- _PROBLEM_
Will you output all of the data below exactly, omitting the images?

- _RECORDS FOR THE EXERCISE_
# # # # #

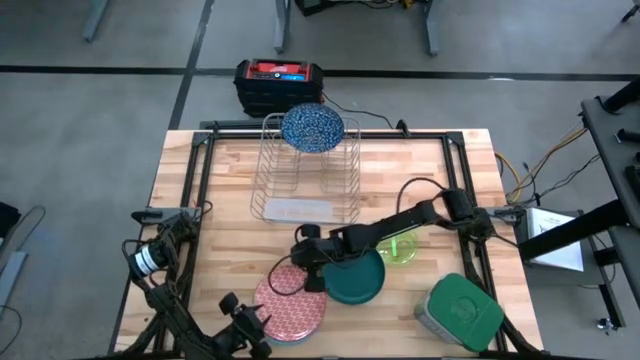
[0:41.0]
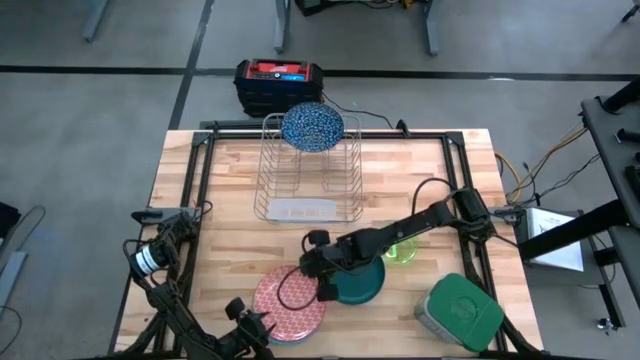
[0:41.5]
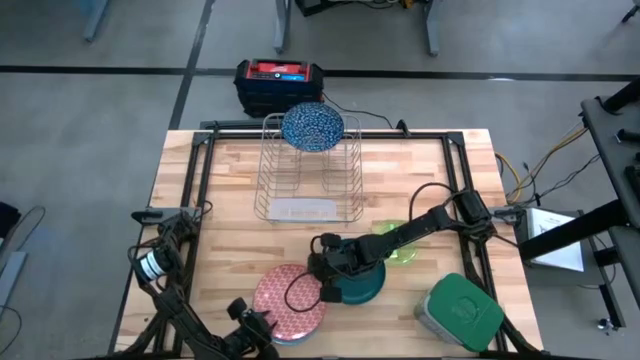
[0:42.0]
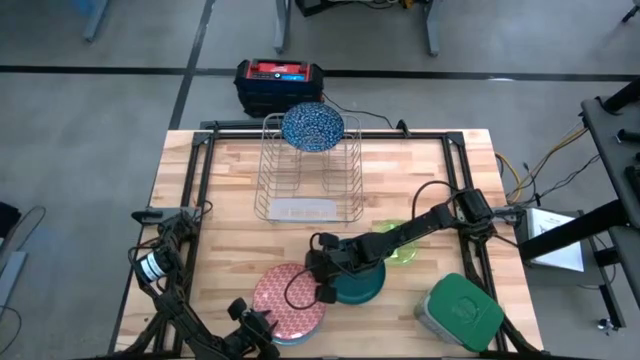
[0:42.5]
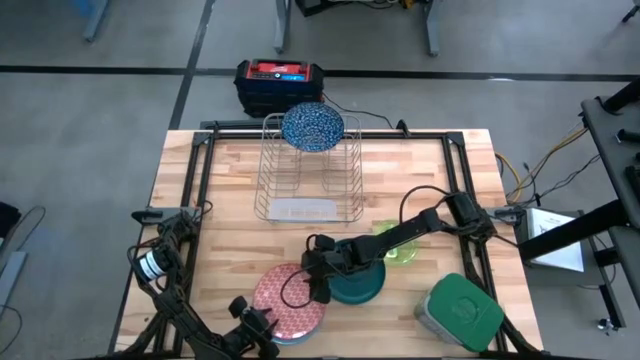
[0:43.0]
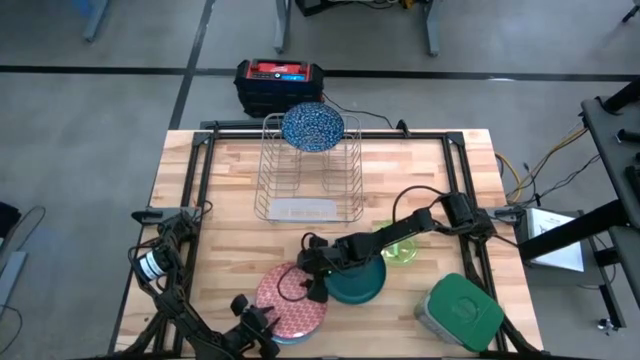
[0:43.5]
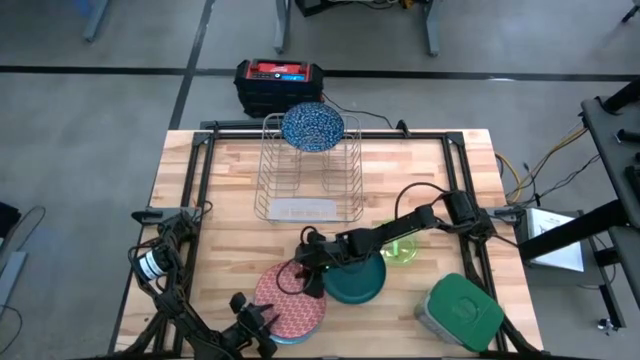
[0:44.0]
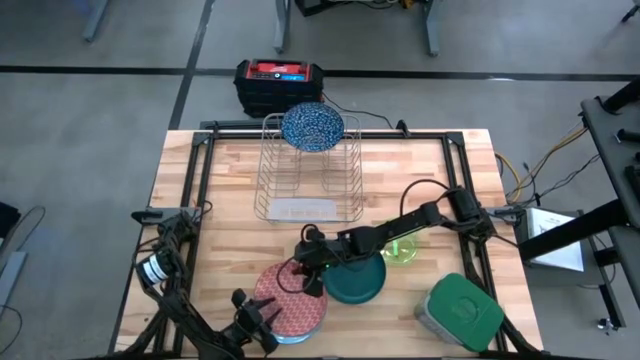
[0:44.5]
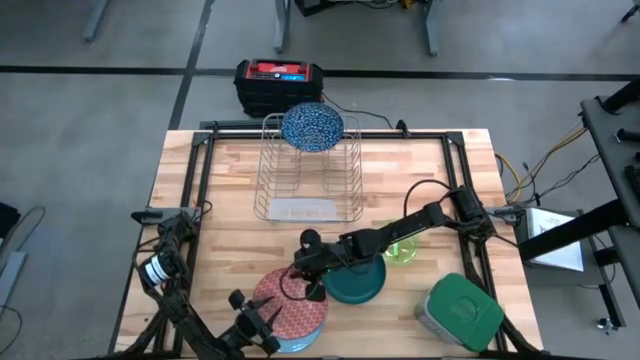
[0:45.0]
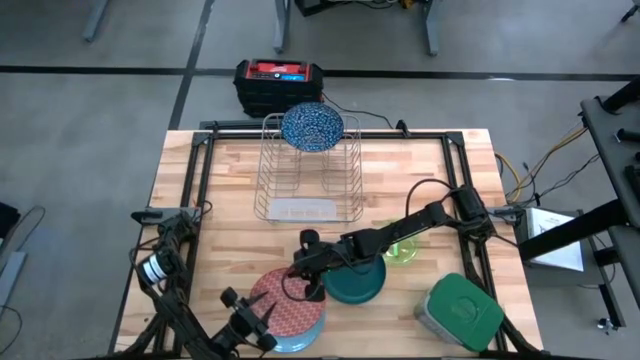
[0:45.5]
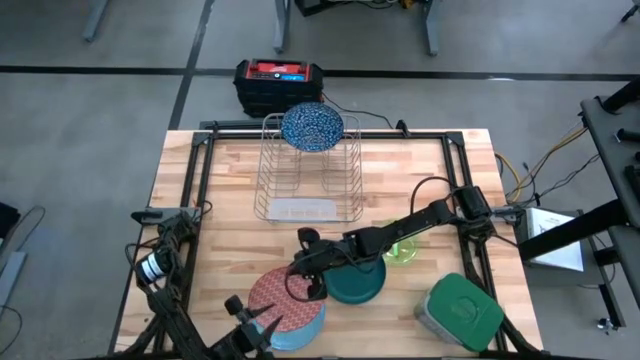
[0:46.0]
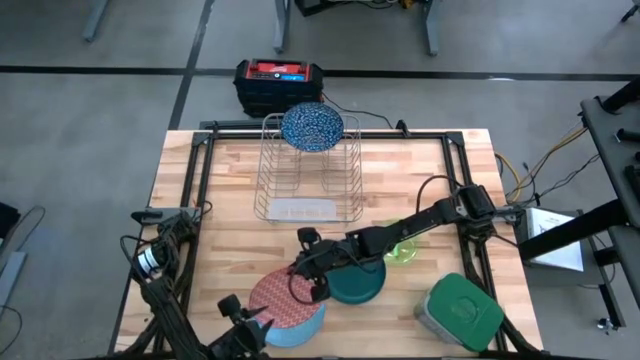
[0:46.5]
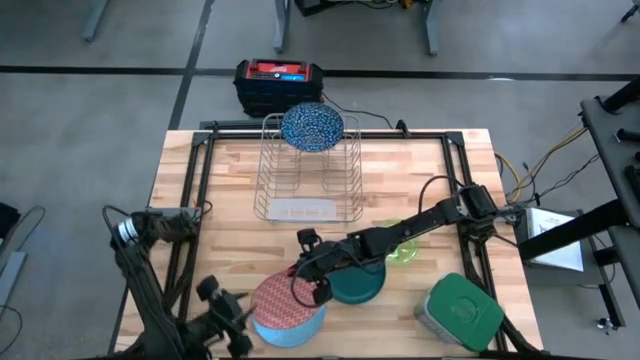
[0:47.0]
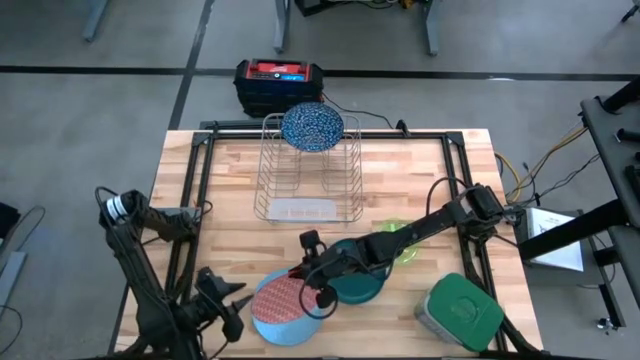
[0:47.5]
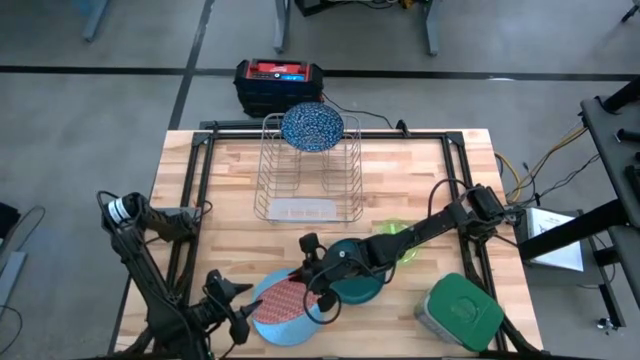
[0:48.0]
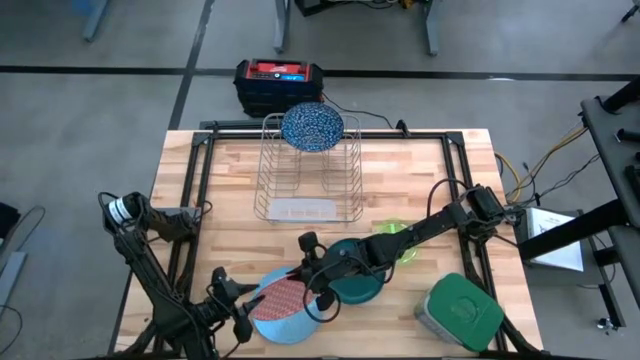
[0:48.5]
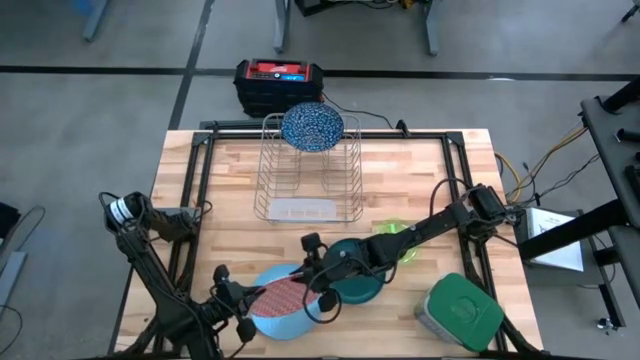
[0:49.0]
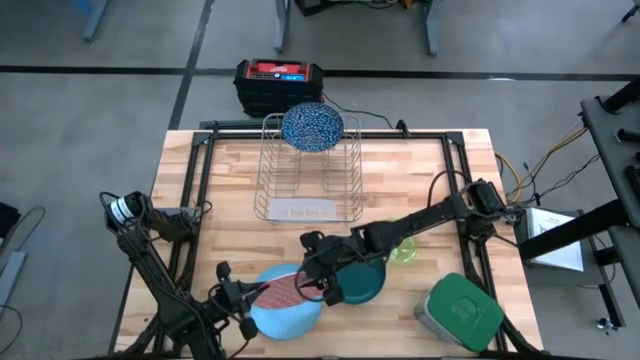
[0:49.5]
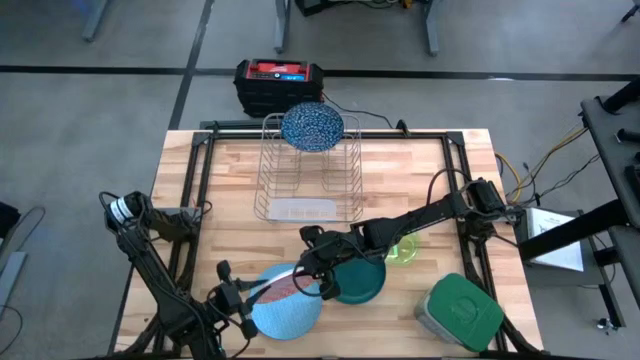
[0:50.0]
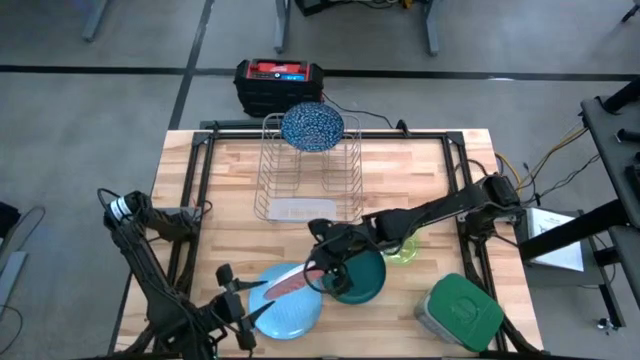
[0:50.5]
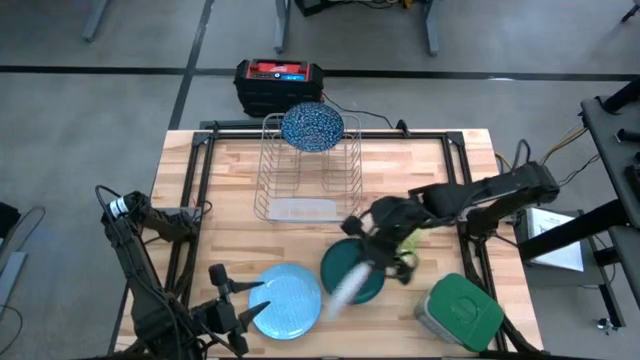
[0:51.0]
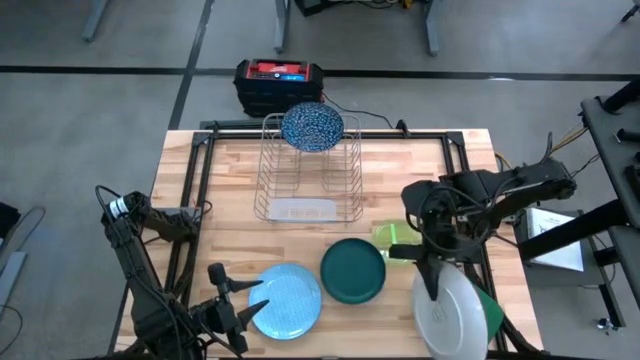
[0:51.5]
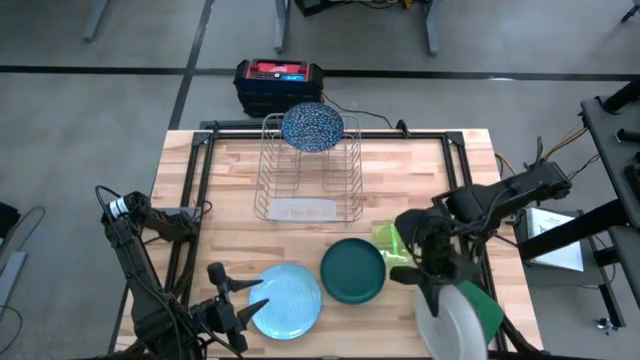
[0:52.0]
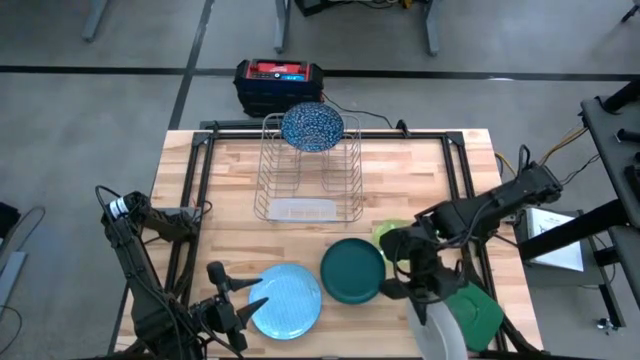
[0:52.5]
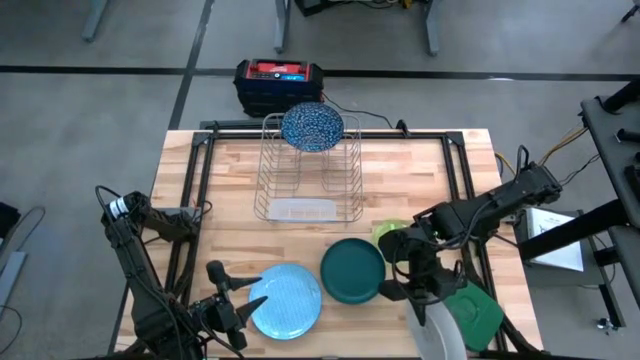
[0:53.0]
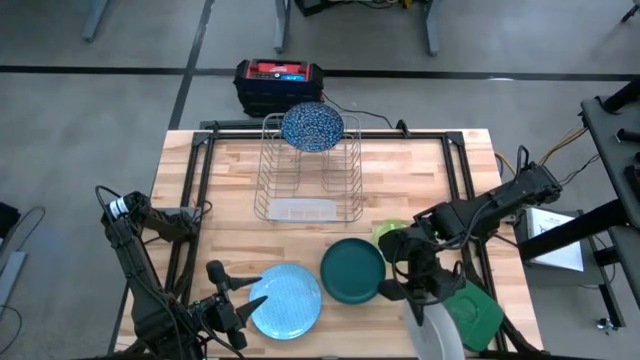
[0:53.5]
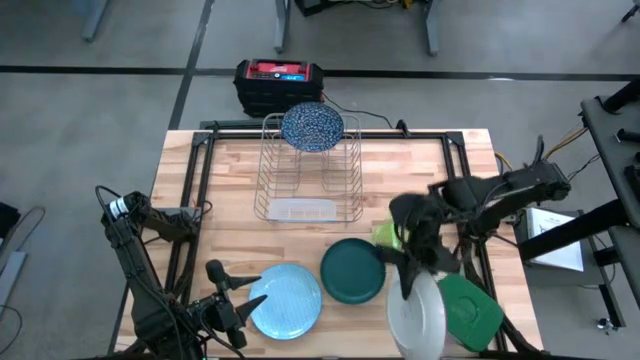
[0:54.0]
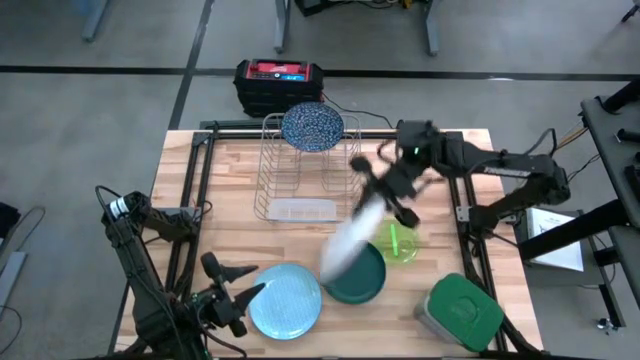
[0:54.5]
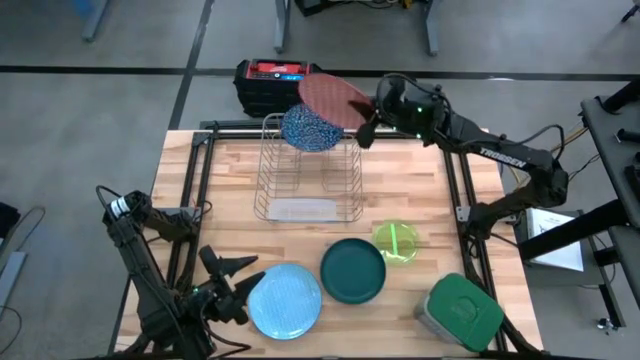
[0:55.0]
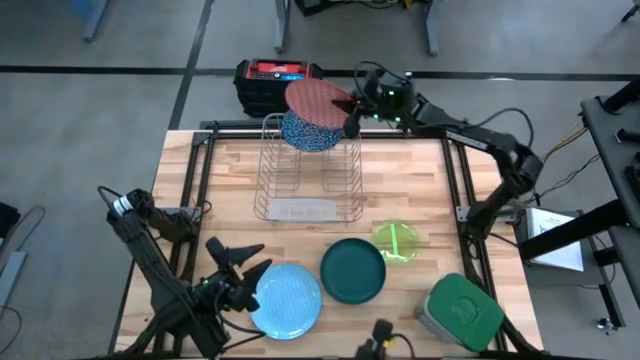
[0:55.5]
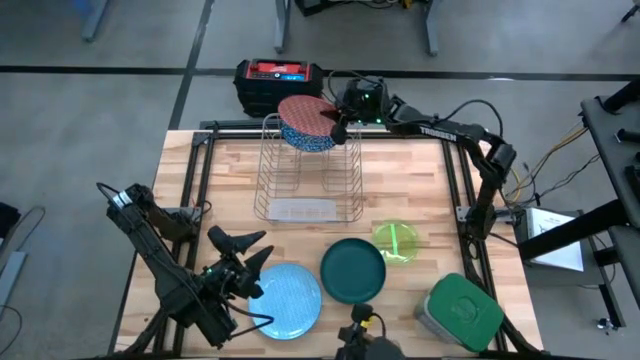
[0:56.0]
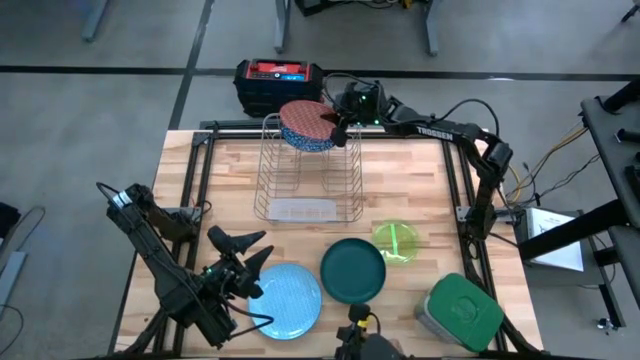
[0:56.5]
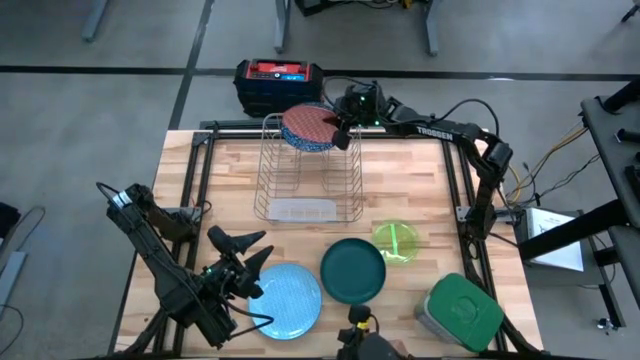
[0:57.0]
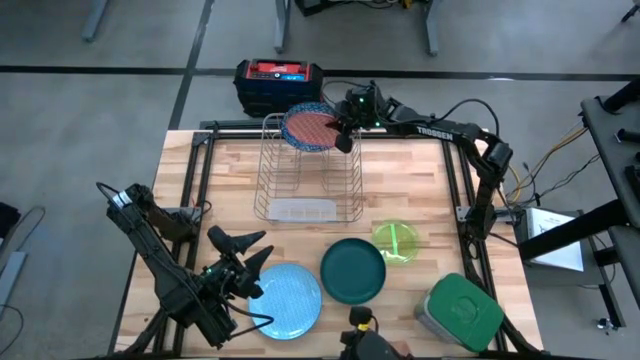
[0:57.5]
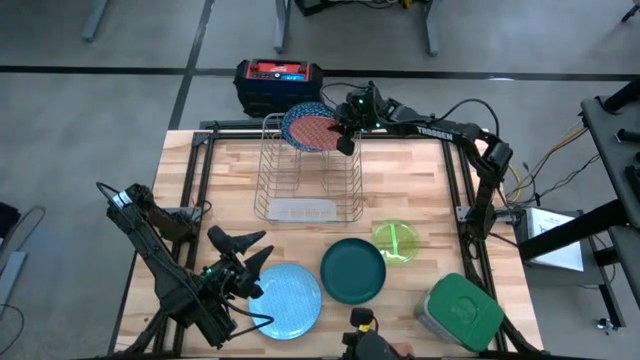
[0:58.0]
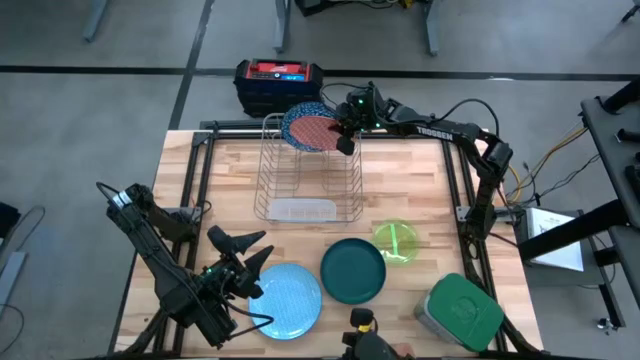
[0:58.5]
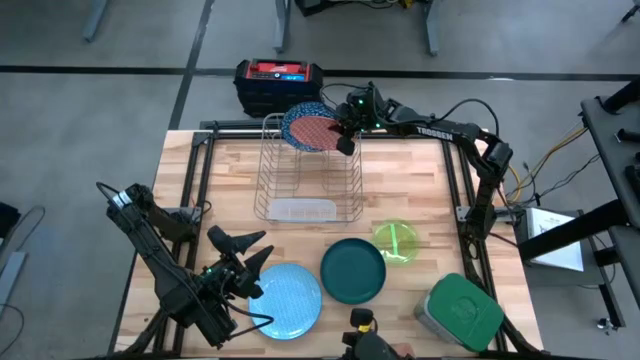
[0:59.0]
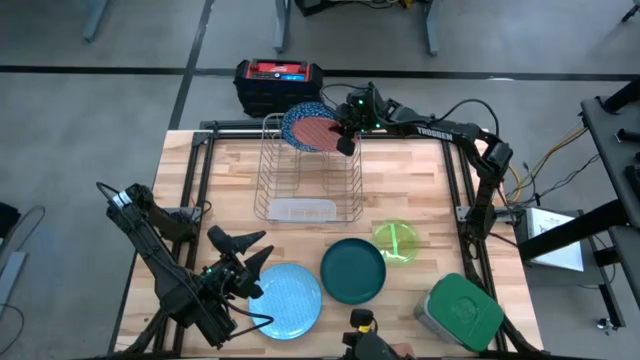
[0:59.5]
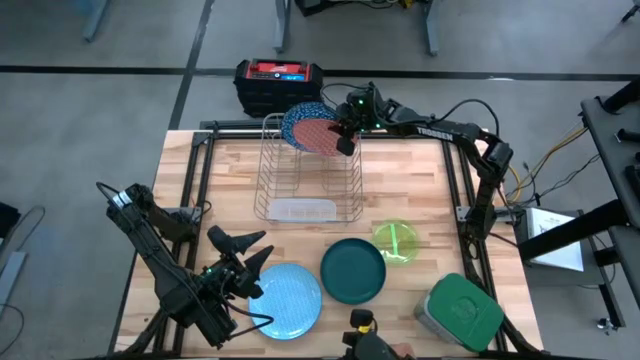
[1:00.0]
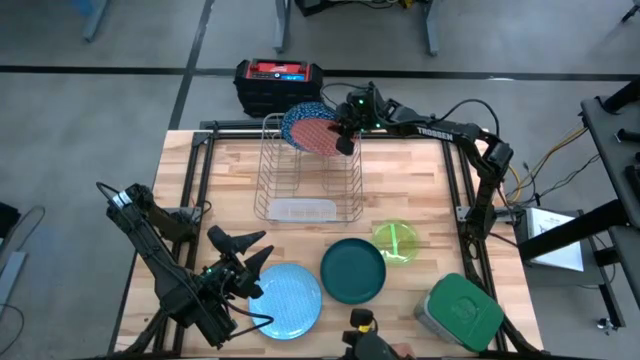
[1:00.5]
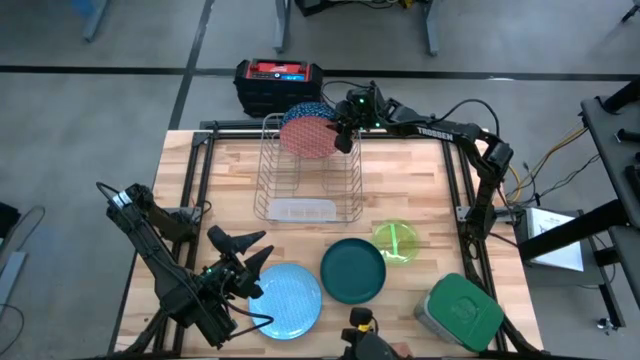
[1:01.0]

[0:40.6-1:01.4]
Task: Sort dishes
Put the orange patterned plate into the dish rack

# # # # #

- _THE COMPLETED TASK_
[0:41.0]
[0:41.5]
[0:42.0]
[0:42.5]
[0:43.0]
[0:43.5]
[0:44.0]
[0:44.5]
[0:45.0]
[0:45.5]
[0:46.0]
[0:46.5]
[0:47.0]
[0:47.5]
[0:48.0]
[0:48.5]
[0:49.0]
[0:49.5]
[0:50.0]
[0:50.5]
[0:51.0]
[0:51.5]
[0:52.0]
[0:52.5]
[0:53.0]
[0:53.5]
[0:54.0]
[0:54.5]
[0:55.0]
[0:55.5]
[0:56.0]
[0:56.5]
[0:57.0]
[0:57.5]
[0:58.0]
[0:58.5]
[0:59.0]
[0:59.5]
[1:00.0]
[1:00.5]
[1:01.0]

[0:40.6-1:01.4]
Task: Sort dishes
Put the orange patterned plate into the dish rack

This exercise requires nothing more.